Beam Search + Sampling

This is about the problem with the company and the problem and personal information and reading what i have (or have not) understood? (make your own note of the decision making and complexity is a consulting in the text? is there any major empirical conclusion and reading what are the main ideas presented in the company and then and the problem and predictions and problems and discussion of the problem and responsibilities and discussions and then and have the relationship of the company to learn from the problem with the world.

Thanks for all the great lectures.


Tiny comment about Implementing a GRU (NLP video 15).

hidden state = z_t ⊗ n_t + (1 - z_t) ⊗ h_t-1
where n_t is newgate and z_t is updategate

updategate*h + (1-updategate)*newgate

I guess that pragmatically the end up in the same thing but the slide version update the hidden state with the “opposite” of the updategate :slight_smile:

Very helpful post.

Do you happen to have a notebook available demonstrating your implementations of each approach?

Hello @wgpubs
I don’t have a notebook, but you can see the source code here
I was thinking of maybe putting this on a notebook to show live performances. I was thinking of what good dataset to use other than my own writing. What do you think?

1 Like

Nice code.

I would think the imdb dataset might be nice since so many folks are familiar with it. There are some other really good options you can check out here: https://course.fast.ai/datasets

re: NLP video 14

Are there any implementations of beam search and sampling for folks using a Transformer type model?
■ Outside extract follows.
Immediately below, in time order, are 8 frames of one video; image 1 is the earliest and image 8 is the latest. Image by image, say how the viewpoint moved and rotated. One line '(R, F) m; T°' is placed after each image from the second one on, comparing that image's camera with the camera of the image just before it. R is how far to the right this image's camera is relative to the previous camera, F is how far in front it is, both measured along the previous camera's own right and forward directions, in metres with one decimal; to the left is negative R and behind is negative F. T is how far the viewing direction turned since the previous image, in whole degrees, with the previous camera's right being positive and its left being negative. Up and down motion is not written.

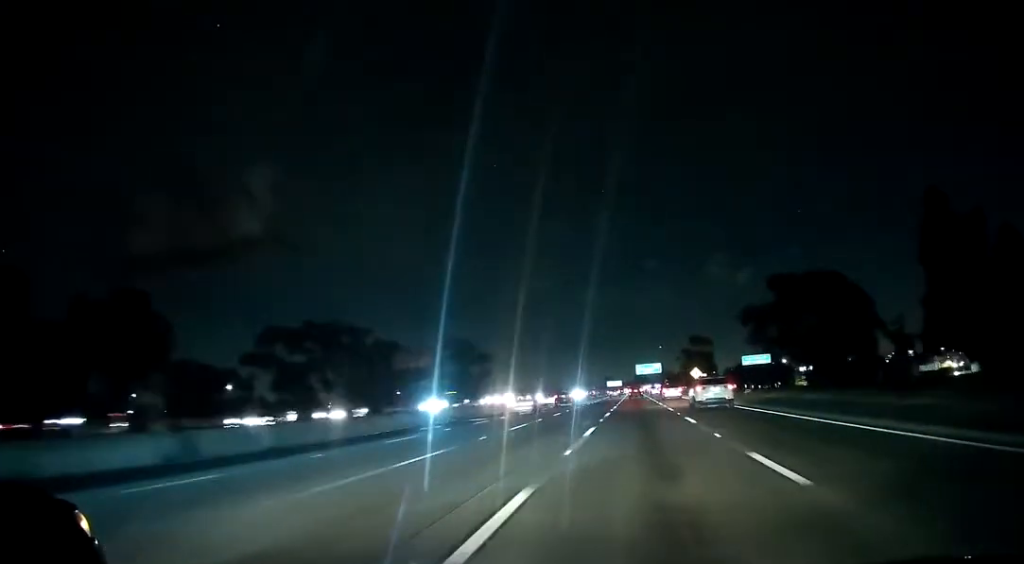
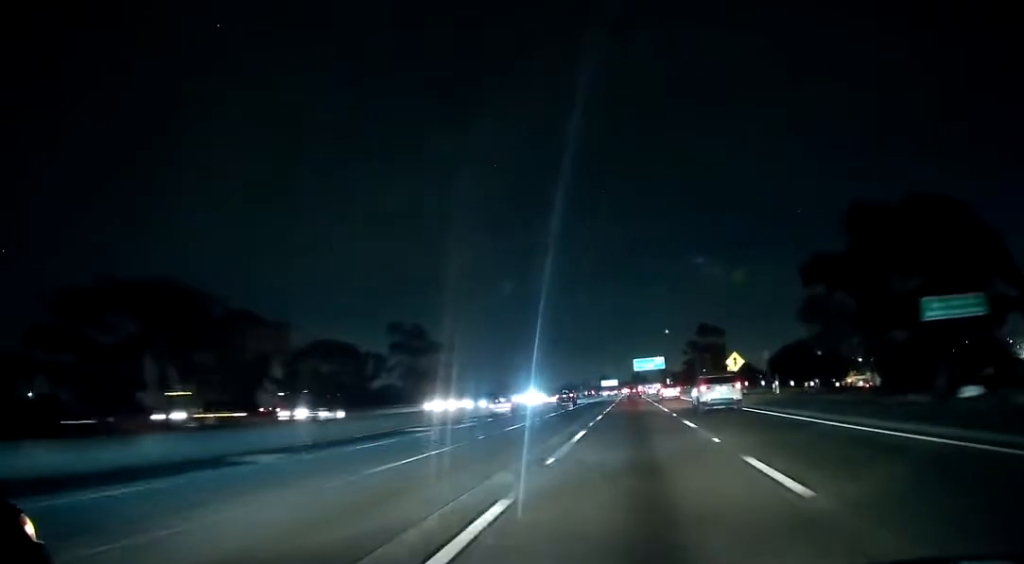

I am working with the lesson 7 notebooks on translation and natural text generation. I was wondering if anyone has had some success saving a trained model and using that for inference. I am running into the ff errors/roadblocks and would like if someone can point me in the right direction.

  1. Error loading saved model on CPU - Error message “ AttributeError: Can’t get attribute 'seq2seq_loss ’”, seq2seq_loss is the loss function specified in the notebook i’m running. Note: I can load the saved model on a GPU successfully.
  2. Prediction error - After i use the add_test function to add new data to the learner, i am a little confused on how to proceed with the prediction. I used the pred_acts function from the notebook with dataset type set to Test but it returns this error “ TypeError: object of type ‘int’ has no len()
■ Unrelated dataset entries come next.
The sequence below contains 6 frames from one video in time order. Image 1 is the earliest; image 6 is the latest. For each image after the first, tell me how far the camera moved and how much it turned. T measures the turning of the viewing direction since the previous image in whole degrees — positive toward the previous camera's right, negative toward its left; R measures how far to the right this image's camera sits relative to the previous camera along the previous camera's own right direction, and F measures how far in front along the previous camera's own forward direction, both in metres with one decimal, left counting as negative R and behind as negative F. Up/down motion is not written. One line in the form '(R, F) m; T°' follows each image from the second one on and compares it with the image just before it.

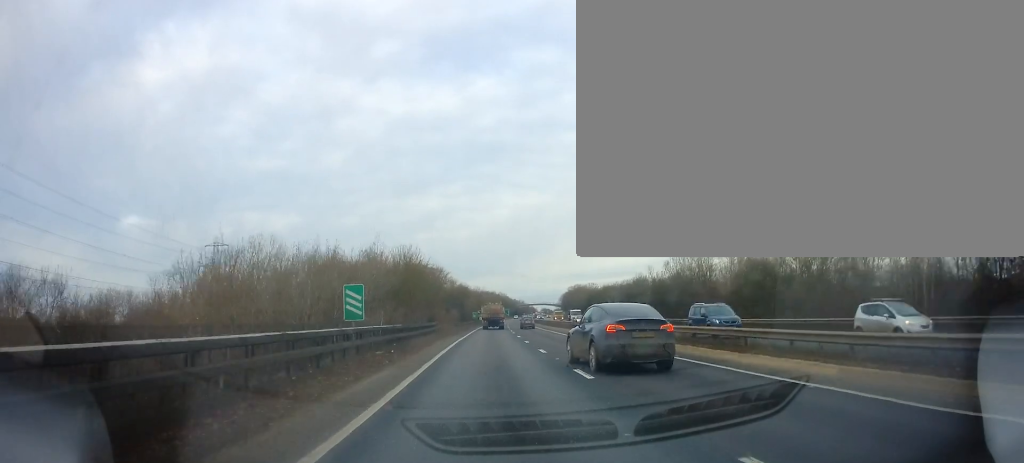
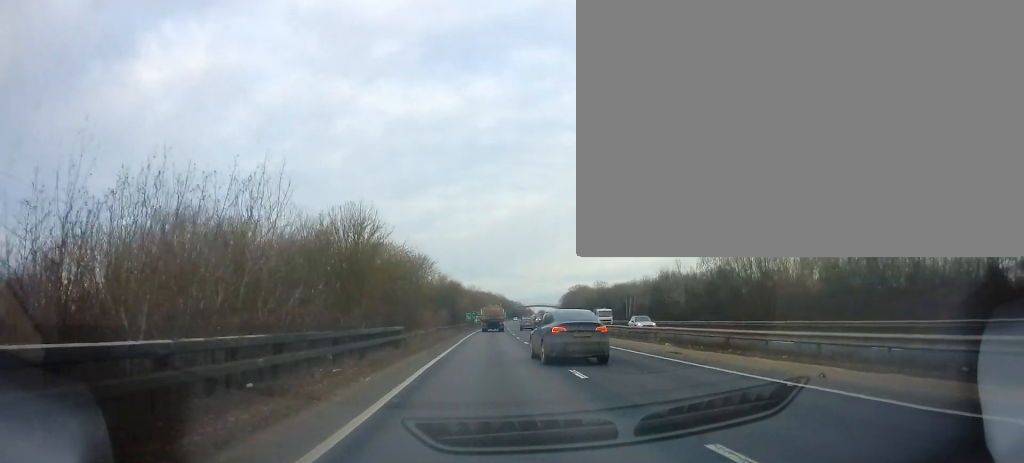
(+0.4, +17.5) m; +1°
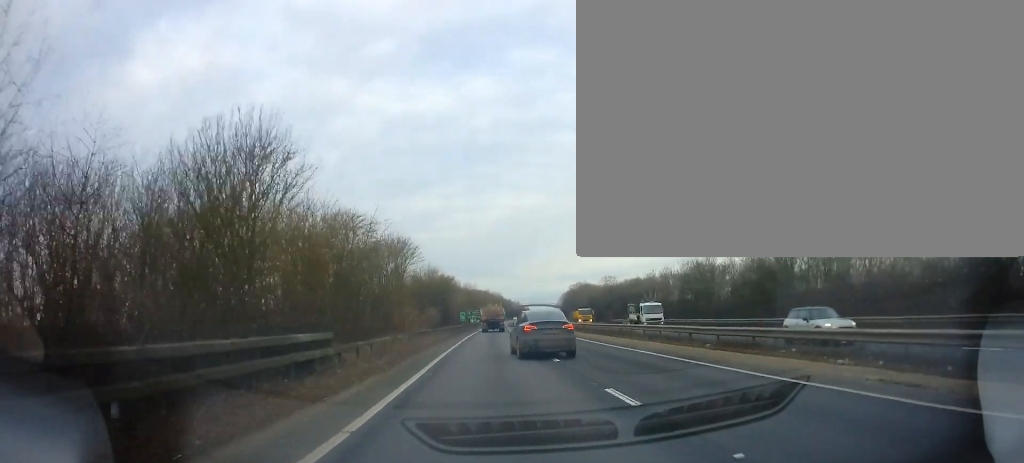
(+0.1, +13.4) m; 0°
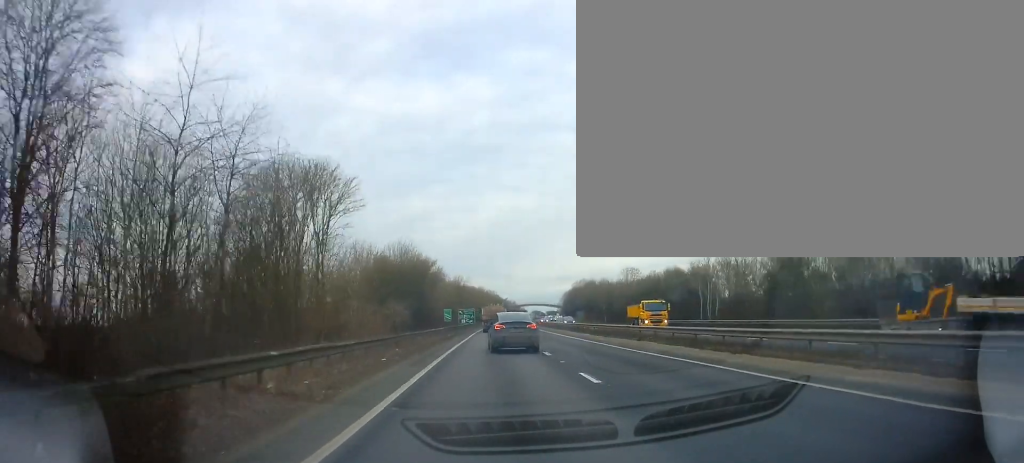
(0.0, +24.2) m; 0°
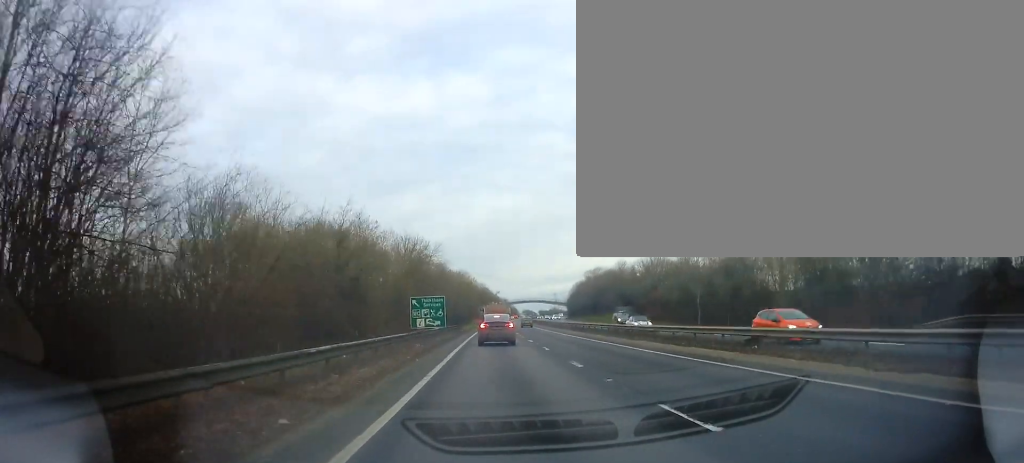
(+0.2, +59.4) m; +1°
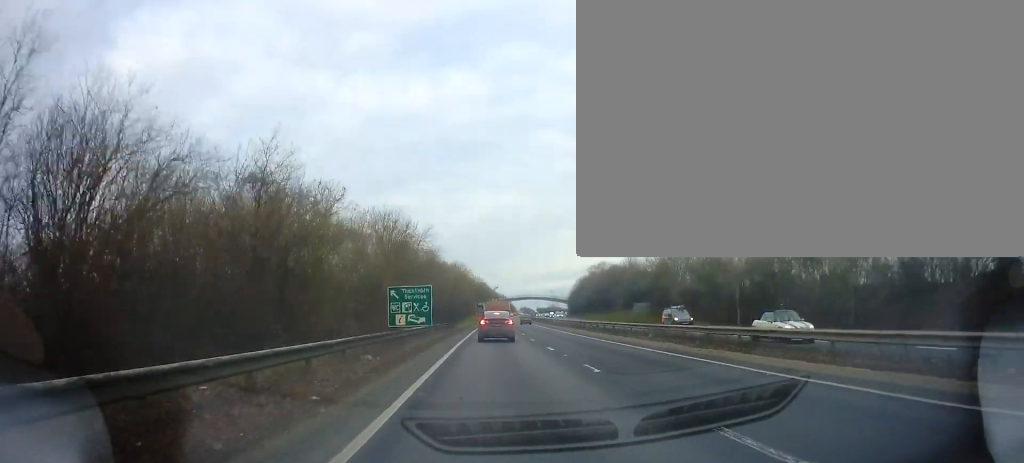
(0.0, +11.1) m; 0°

#Disclaimer - i’m a newbie so i may not have tried some ‘obvious’ solutions. Thanks in advance

@rachel @jeremy

Finding learning rates for training the imdb classifier. I am currently working through notebook 5-nn-imdb.ipynb. When Jeremy creates the classifier for the imdb movie reviews he is using rather complicated formulas for the learning rates.

I think he is using slice because we want the first layer be training with a smaller learning rate than the last layers.

The first learning rate can be found using lr_find(). But how would I find the lr for freeze_tor(-2), freeze_to(-3), etc.?

1 Like

You’d do the freeze first then call lr_find().

1 Like

You mean do:

find best learning rate
find best learning rate again
… ?

Yes, you do the standard learn.lr_find() learn.recorder.plot() and pick

1 Like

Generating a German language-model, the way Jeremy does for Turkish language. After watching the lecture videos, I was curious to build my own language model for German. I have followed the steps but set language to “de” when downloading the wiki sites.

Nevertheless this line throws an error: MemmoryError: (I have watched the processes with the top on the terminal and the jupyter process never ran over 50% memory usage).
My system has 32GB RAM. (GPU RAM was not used at this stage)

The error occurs after the progresbar finishes. Any idea where to dig deeper to find the error?